Wellness Preservation

Promoting the well-being of children and adolescents involves addressing the physical, behavioral, social, and cognitive areas of development. For a 2-year-old child, learning to obey commands is among the first signs of positive growth. Train the child to use good language when communicating and correct the child immediately they perform mistakes (ECKLC, 2021). Encourage free play as much as possible and allow the child to interact with friends. Rewards are important at this stage to reinforce positive behavior in children.

Treatment Plan for 6-Year-Old


At the age of 6 years, the child should have received most of the recommended immunizations. Given that the last visit to the provider was one year ago, the 6-year-old treatment plan should involve the following immunizations.

DTaP vaccine. Protects against diphtheria, tetanus, and acellular pertussis. The child is due for the 5th DTaP dose that is given between 4 to 6 years (CDC, 2022).

IPV. The 4th IPV dose is administered between the age of 4 to 6 years.

MMR vaccine. The second dose is administered between the age of 4 to 6 years to protect against measles, mumps, and rubella.

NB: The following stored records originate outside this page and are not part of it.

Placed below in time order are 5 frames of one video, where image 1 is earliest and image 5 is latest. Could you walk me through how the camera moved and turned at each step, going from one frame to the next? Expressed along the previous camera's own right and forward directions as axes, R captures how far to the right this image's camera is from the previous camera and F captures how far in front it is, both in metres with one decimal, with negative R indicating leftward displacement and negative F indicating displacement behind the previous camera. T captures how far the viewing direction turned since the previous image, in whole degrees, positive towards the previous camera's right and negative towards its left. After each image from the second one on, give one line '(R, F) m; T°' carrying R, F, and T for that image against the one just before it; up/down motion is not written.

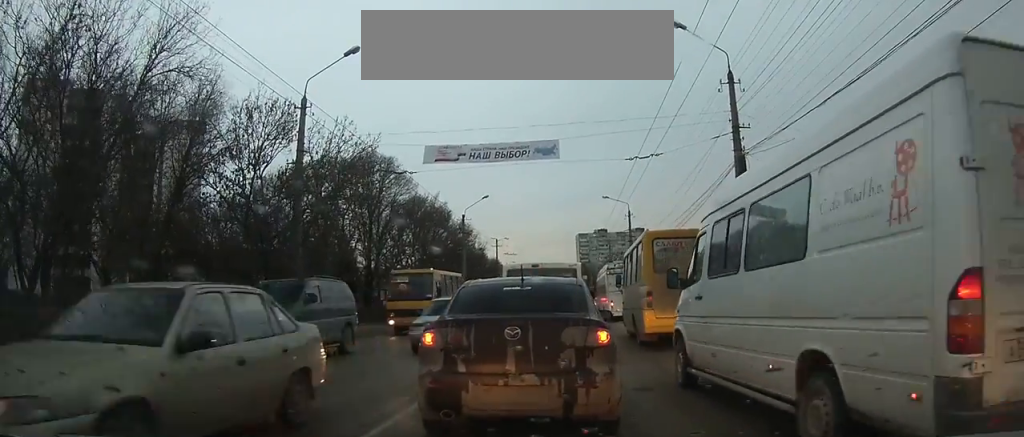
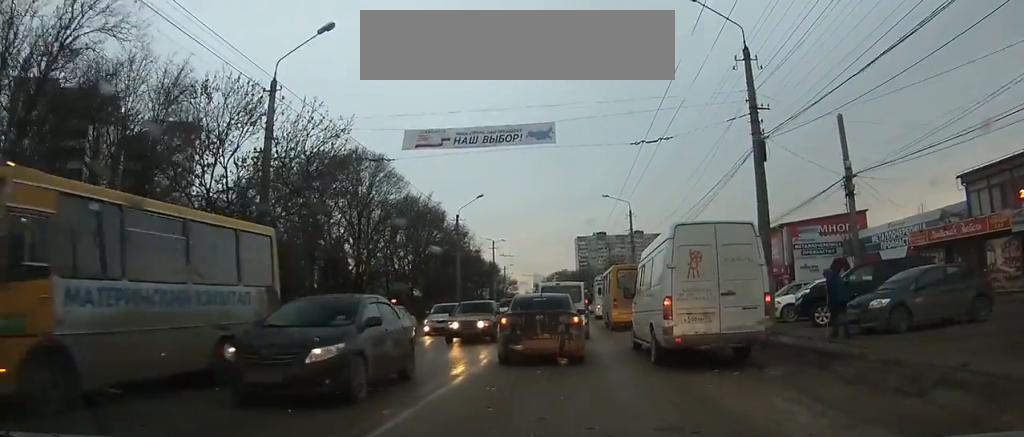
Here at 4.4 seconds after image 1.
(+0.2, +7.9) m; 0°
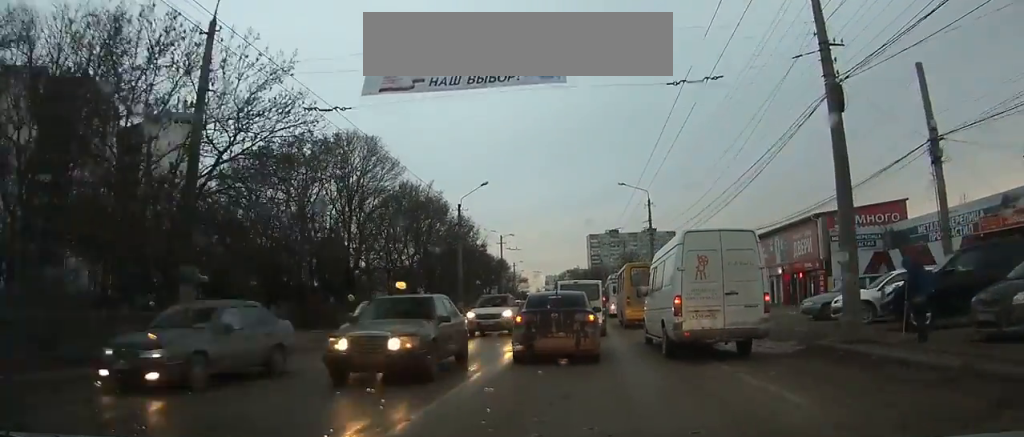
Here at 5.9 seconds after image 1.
(0.0, +3.8) m; -1°
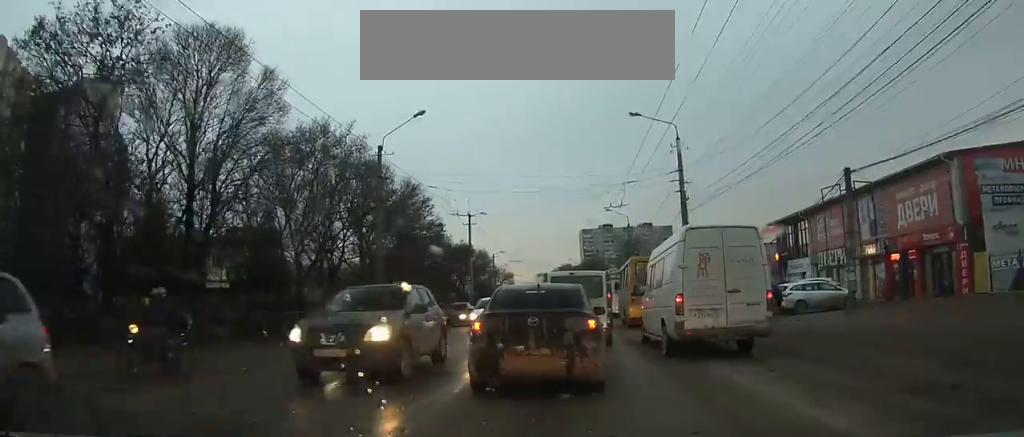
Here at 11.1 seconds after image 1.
(-0.3, +14.4) m; -2°
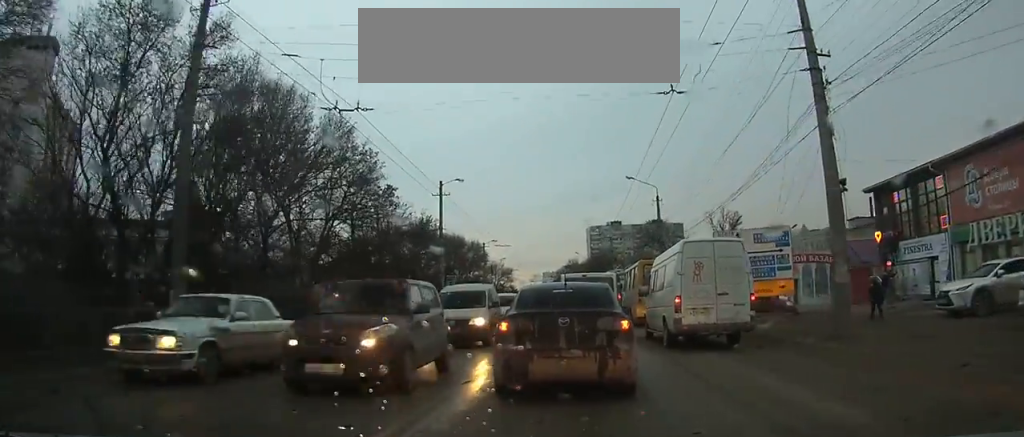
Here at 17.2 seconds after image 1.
(+0.3, +17.7) m; +3°

VAR vaccine. The second dose of the varicella vaccine is administered between the age of 4 to 6 years to protect against chickenpox (CDC, 2022).

Influenza vaccine. Annual shots are given to children starting at the age of 6 months to protect the child from flu.


Child Safety

School-age is characterized by increased physical activity and emotional connection that can pause threats to the health of the. Encourage the child to play in parks and playgrounds to minimize injuries. The child should wear helmets when biking or skating to avoid physical injuries as they practice. Educate the child to watch traffic and other road safety precautions when walking to the school bus or back from school. At home, teach the child to use more complex kitchen appliances to minimize harm. The parent should ensure equipment for playing are well-maintained to prevent injury and educate the child on basic first aid and how to respond to an emergency.

Health Promotion

The development of physical, cognitive, and socioemotional capacities in children increase with age with the intensity of interventions also increasing (Inkelas & Oberklaid, 2018). The first aspect of health promotion is nutrition where the child should be given a variety of foods to choose from including plenty of fruits and vegetables and limiting the intake of sugary foods like chocolate. Schedule 3 meals and 1 to 2 healthy snacks a day (ECKLC, 2021). Dental hygiene is another aspect of care that should be emphasized during development. The child should brush their teeth after meals and early in the morning. Children at this age need to sleep for about 9 to 12 hours to promote recovery and growth.

Wellness Preservation

Ensure to praise the child’s accomplishments and provide support in areas where they struggle. Reinforce rules at home because it is normal for kids to test boundaries set by their parents. Parents should actively get involved in the child’s school life to improve performance and protection (ECKLC, 2021). To improve the child’s mental health, ensure they have adequate playtime and interaction with friends. The parent should regulate the use of gadgets and television at home. Discussing appropriate touch and protection of private parts should be done at this age.


Centers for Disease Control and Prevention. (2022). Immunization schedules: Child and adolescent immunization schedule.

Early Childhood Learning & Knowledge Center. (2021). Tips for keeping infants and toddlers safe: A developmental guide for home visitors – toddlers.

Inkelas, M., & Oberklaid, F. (2018). Improving preventive and health promotion care for children. Israel Journal of Health Policy Research7(1), 1-4.